I think the current situation is one of great risk and great hope all at once.
On the one hand, we have seen that the Corona-pandemic has provided governments with an opportunity to crack down on dissent and protest. One obvious example here is China, which has cracked down severely on protestors in Hong Kong. But equally disconcerting is the fact that India – supposedly the world’s largest democracy – has used the national lockdown to further pursue a war on dissent that has been ongoing since Narendra Modi took power in 2014. More specifically, the regime has arrested several activists that were involved in the large-scale protests against anti-Muslim citizenship laws from early December 2019 through to late March 2020. And in addition to that, the authorities have persisted in keeping civil rights activists like Sudha Bharadwaj, Gautam Navlakha, and Anand Teltumbde locked up while the virus is spreading in Indian prisons. More generally, there is also every reason to be concerned about how the use of emergency powers and surveillance tools will impact on democratic rights. Just like Covid-19 has amplified already existing inequalities, there is no doubt that it is also providing opportunities to governments – and especially authoritarian populist governments – to further intensify the ongoing onslaught on basic democratic principles.
But there’s also hope, and here I return once again to the social movements that are currently engaging in the hard but necessary work of transforming our world. These movements are on the frontline in the pushback against authoritarian populism – in fact, they are the frontline! And, what is more, they are also expanding the meaning of what democracy looks like. There are some, of course, who don’t see it that way – prominent scholars have bemoaned the “mob rule” of crowds tearing down statues of slave traders in British cities. But what such observers fail to understand is that democracy is about much more than the elections and the parliamentary proceedings that they tend to study. Democracy is – as Angela Davis has said about freedom – always a constant struggle. And that struggle has the potential to fundamentally deepen democracy. And I would add here that refusing, through collective action, to accept that city spaces should pay homage to those who battened themselves by holding human beings in bondage is, in my opinion, democracy working at its very finest.
- Some are of the view that effects from the pandemic can actually be leveraged for positive change. In your opinion, what types of realistic changes in the global South are possible in a post-pandemic world?

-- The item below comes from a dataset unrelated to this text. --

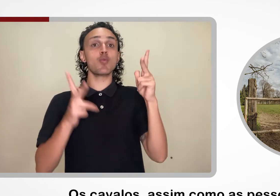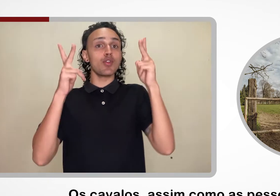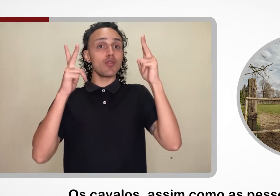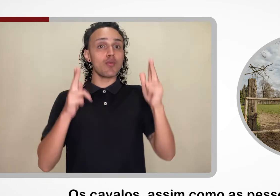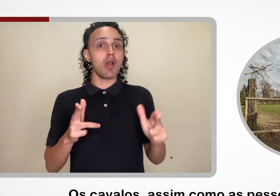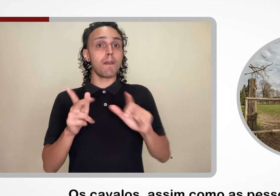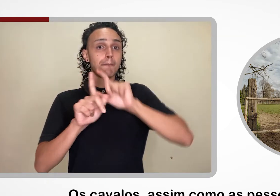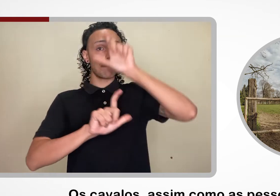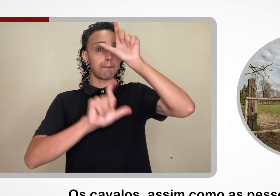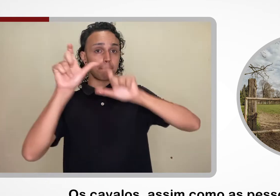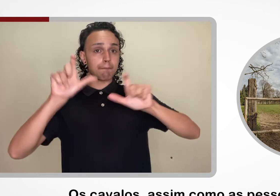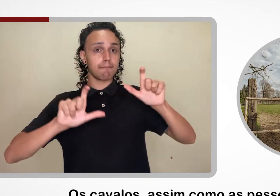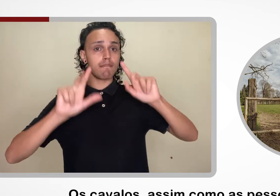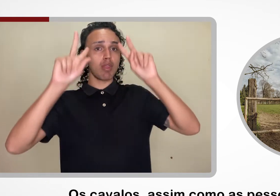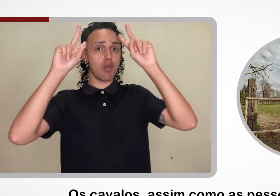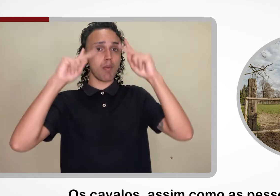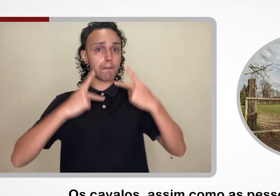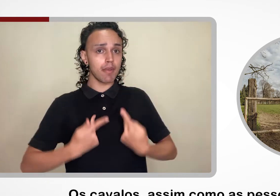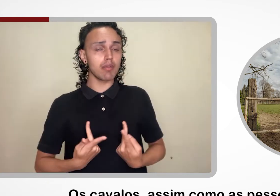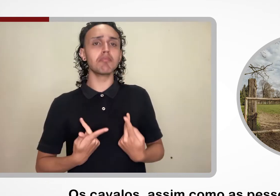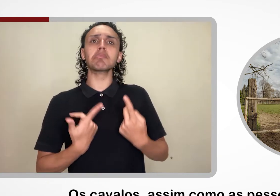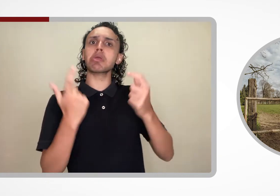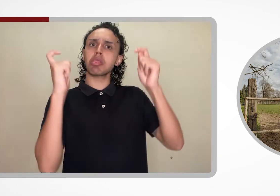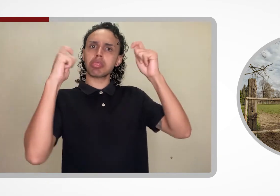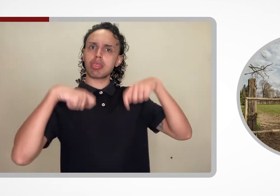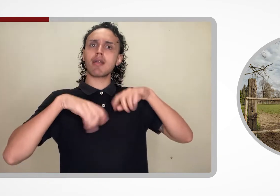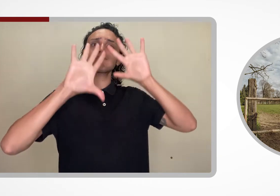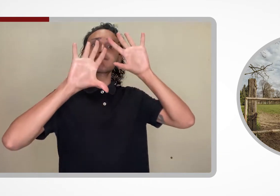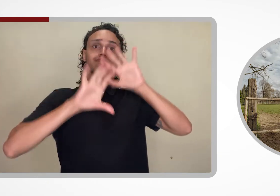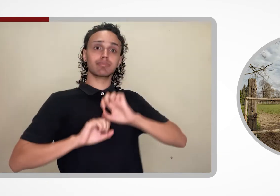mas não transmitem o vírus.
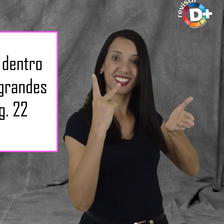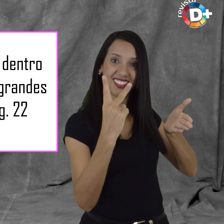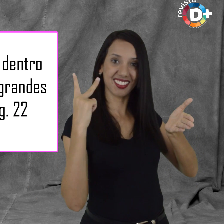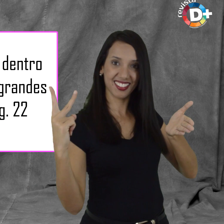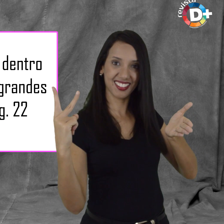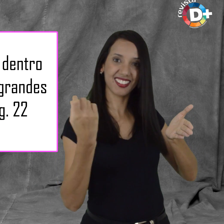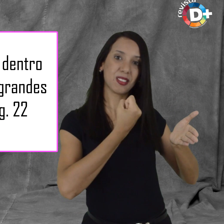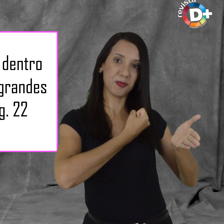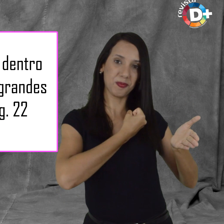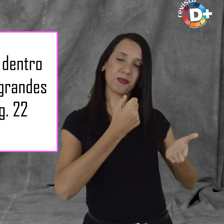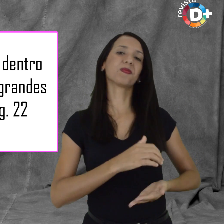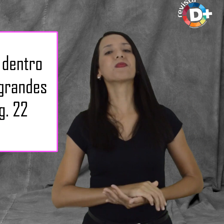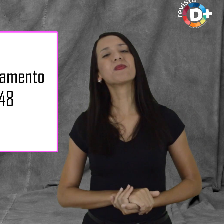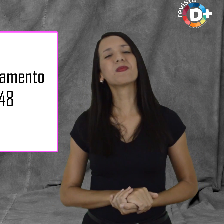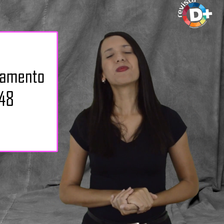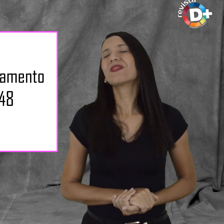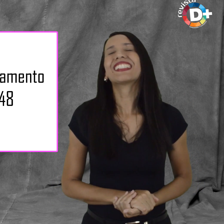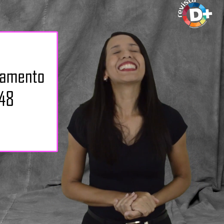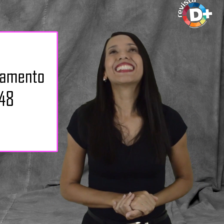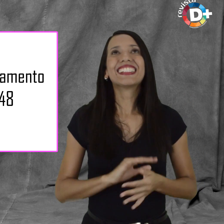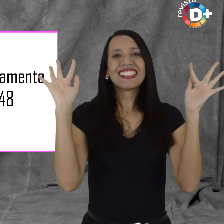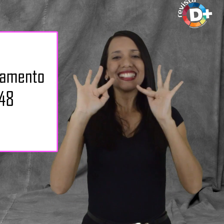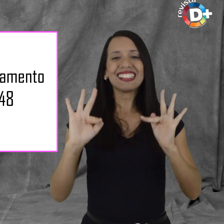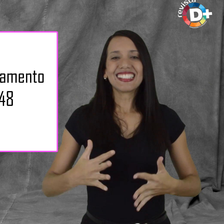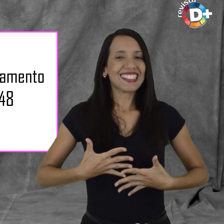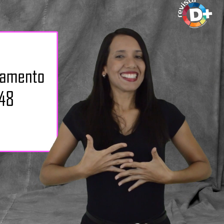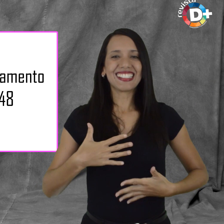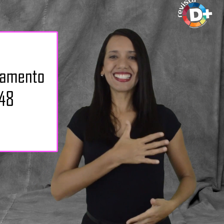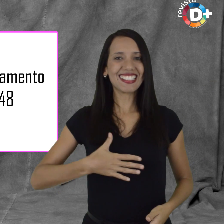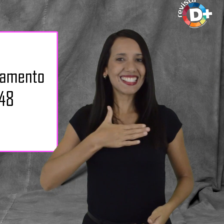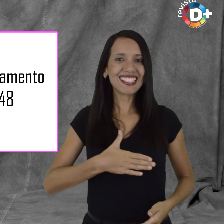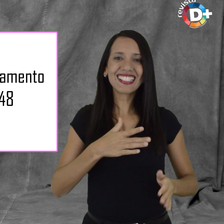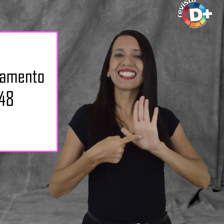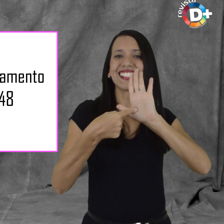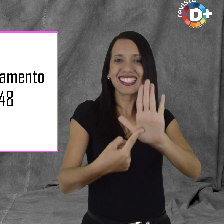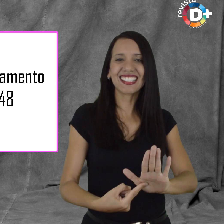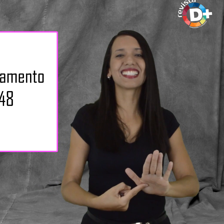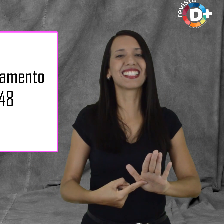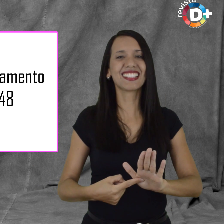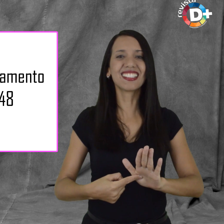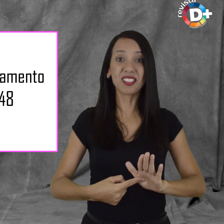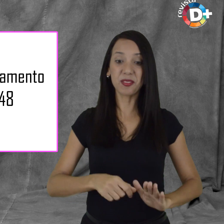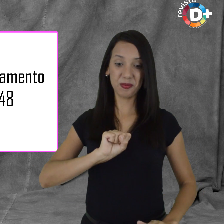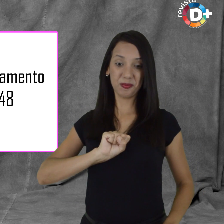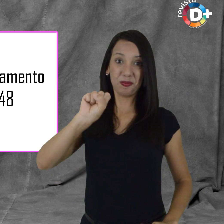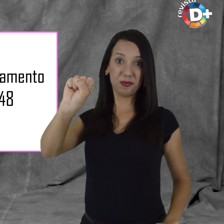É com enorme prazer que apresentamos Os Super Normais, na página 48. Um

Well, I think the most important thing by far is to work, through collective action, to transform what we think of as realistic changes in the global South. This follows from my criticism of how World Bank poverty estimates speak volumes about how incredibly low we set the bar for what we consider to be acceptable living standards for people in the global South. To be more specific, I think that it’s important to insist that economic policies that basically say that countries and workers in the global South should be content with obtaining a position in global value chains that allow for some very incremental and ultimately very limited progress up the poverty ladder are way past their sell-by dates, and need to be discarded. I also think it’s necessary to insist that middle-income countries can do far more to expand necessary social protection for the working poor and for vulnerable citizens, and that this will be a driving force in any substantial attempt to root out poverty.
But to do so, we need to understand something very fundamental, which is that changes such as these will not result from those currently in power making the “correct” choices on the basis of shared moral concerns and neutral expertise. Rather, changes such as these will result from struggles that have to be waged and won against vested interests. This is one thing that the post-pandemic world shares with the pre-pandemic world, namely that human development can only happen if we break with neoliberal capitalism, which is something that by necessity means going up against the determined opposition of those that profit from this system.